#### How to complete this task
Among the entries below, take the line with "Modality: FA" and the line with "Invasive ductal carcinoma", and output them and every line between them exactly, with nothing else.

# # # # #

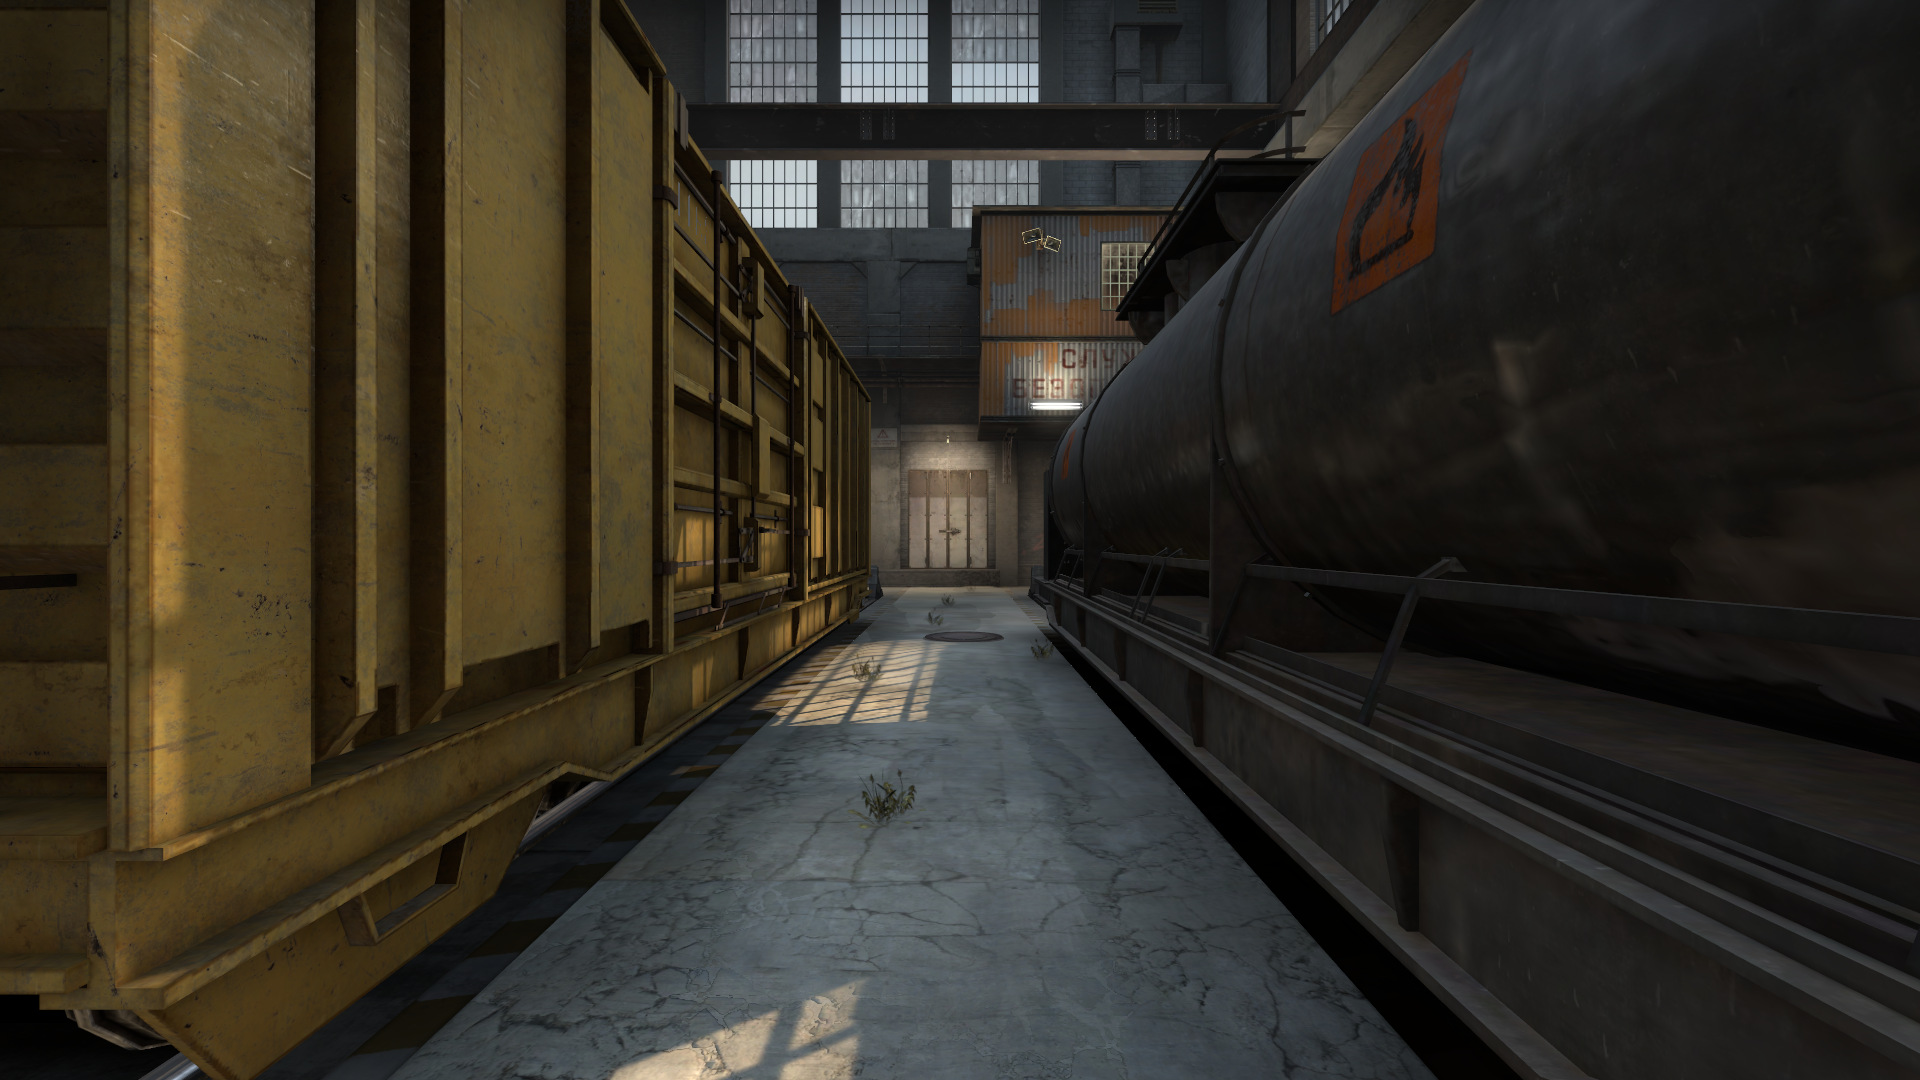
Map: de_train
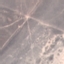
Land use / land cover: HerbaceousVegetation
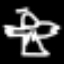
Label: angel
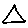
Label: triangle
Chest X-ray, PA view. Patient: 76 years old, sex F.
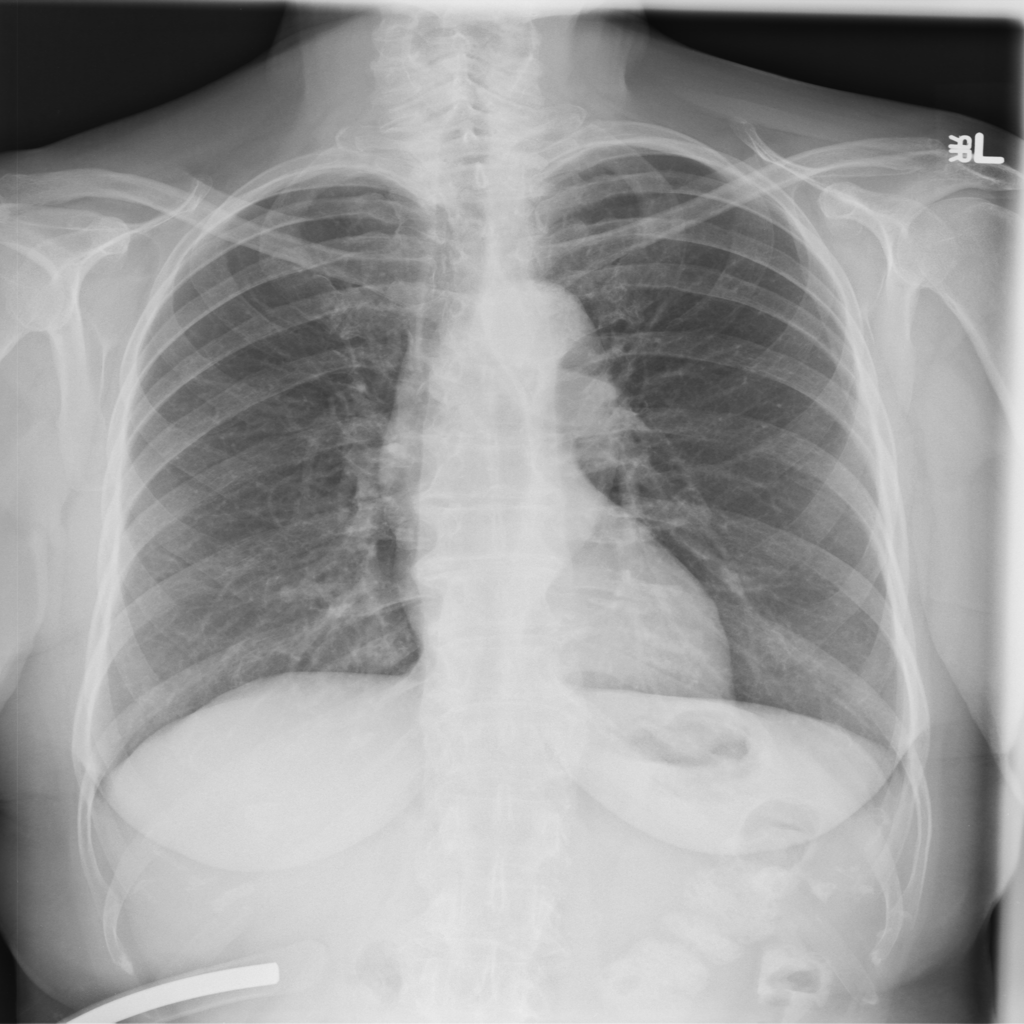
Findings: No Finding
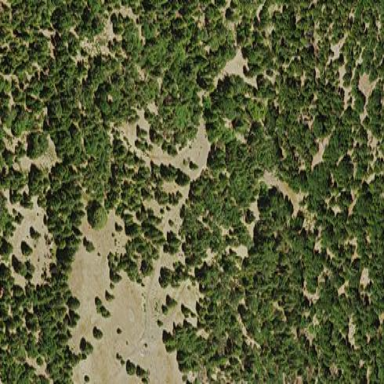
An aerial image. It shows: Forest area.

# # # # #

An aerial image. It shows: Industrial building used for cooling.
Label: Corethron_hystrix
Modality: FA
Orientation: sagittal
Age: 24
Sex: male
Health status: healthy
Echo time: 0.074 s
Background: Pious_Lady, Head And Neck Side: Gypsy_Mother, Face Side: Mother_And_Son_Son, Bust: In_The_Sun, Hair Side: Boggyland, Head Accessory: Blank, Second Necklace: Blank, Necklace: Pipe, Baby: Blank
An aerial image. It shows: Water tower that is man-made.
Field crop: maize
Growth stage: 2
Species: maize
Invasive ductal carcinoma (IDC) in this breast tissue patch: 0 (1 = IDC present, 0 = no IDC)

# # # # #

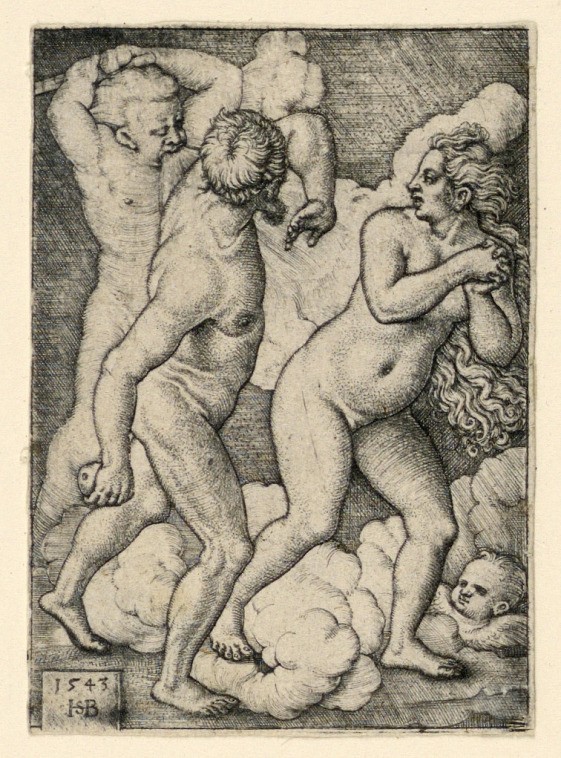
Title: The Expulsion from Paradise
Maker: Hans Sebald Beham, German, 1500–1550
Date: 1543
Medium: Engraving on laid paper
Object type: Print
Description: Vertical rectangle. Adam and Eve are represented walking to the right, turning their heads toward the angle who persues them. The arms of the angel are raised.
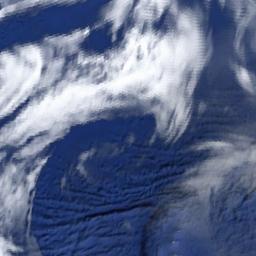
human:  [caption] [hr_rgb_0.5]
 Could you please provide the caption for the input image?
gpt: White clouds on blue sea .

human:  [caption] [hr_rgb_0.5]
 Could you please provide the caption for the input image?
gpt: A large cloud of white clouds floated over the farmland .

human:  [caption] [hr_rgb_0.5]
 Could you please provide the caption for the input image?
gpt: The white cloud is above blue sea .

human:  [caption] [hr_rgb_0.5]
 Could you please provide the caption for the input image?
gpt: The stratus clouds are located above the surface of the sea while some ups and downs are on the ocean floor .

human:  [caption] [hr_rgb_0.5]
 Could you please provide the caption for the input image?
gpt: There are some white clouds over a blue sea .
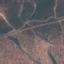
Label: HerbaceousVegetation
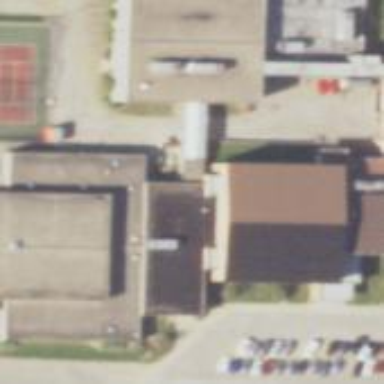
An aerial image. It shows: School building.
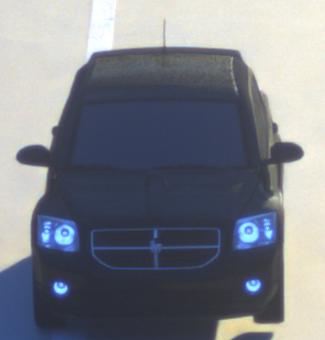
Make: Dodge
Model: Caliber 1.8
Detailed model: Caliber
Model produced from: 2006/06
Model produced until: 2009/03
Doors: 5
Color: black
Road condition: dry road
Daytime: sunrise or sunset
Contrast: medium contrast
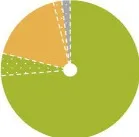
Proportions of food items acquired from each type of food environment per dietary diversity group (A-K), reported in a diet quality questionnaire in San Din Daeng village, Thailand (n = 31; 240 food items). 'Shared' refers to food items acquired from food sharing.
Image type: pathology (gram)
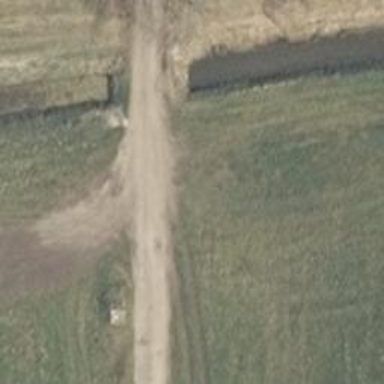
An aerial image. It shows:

# # # # #

#### Exercise response
Modality: FA
Orientation: sagittal
Age: 24
Sex: male
Health status: healthy
Echo time: 0.074 s
Background: Pious_Lady, Head And Neck Side: Gypsy_Mother, Face Side: Mother_And_Son_Son, Bust: In_The_Sun, Hair Side: Boggyland, Head Accessory: Blank, Second Necklace: Blank, Necklace: Pipe, Baby: Blank
An aerial image. It shows: Water tower that is man-made.
Field crop: maize
Growth stage: 2
Species: maize
Invasive ductal carcinoma (IDC) in this breast tissue patch: 0 (1 = IDC present, 0 = no IDC)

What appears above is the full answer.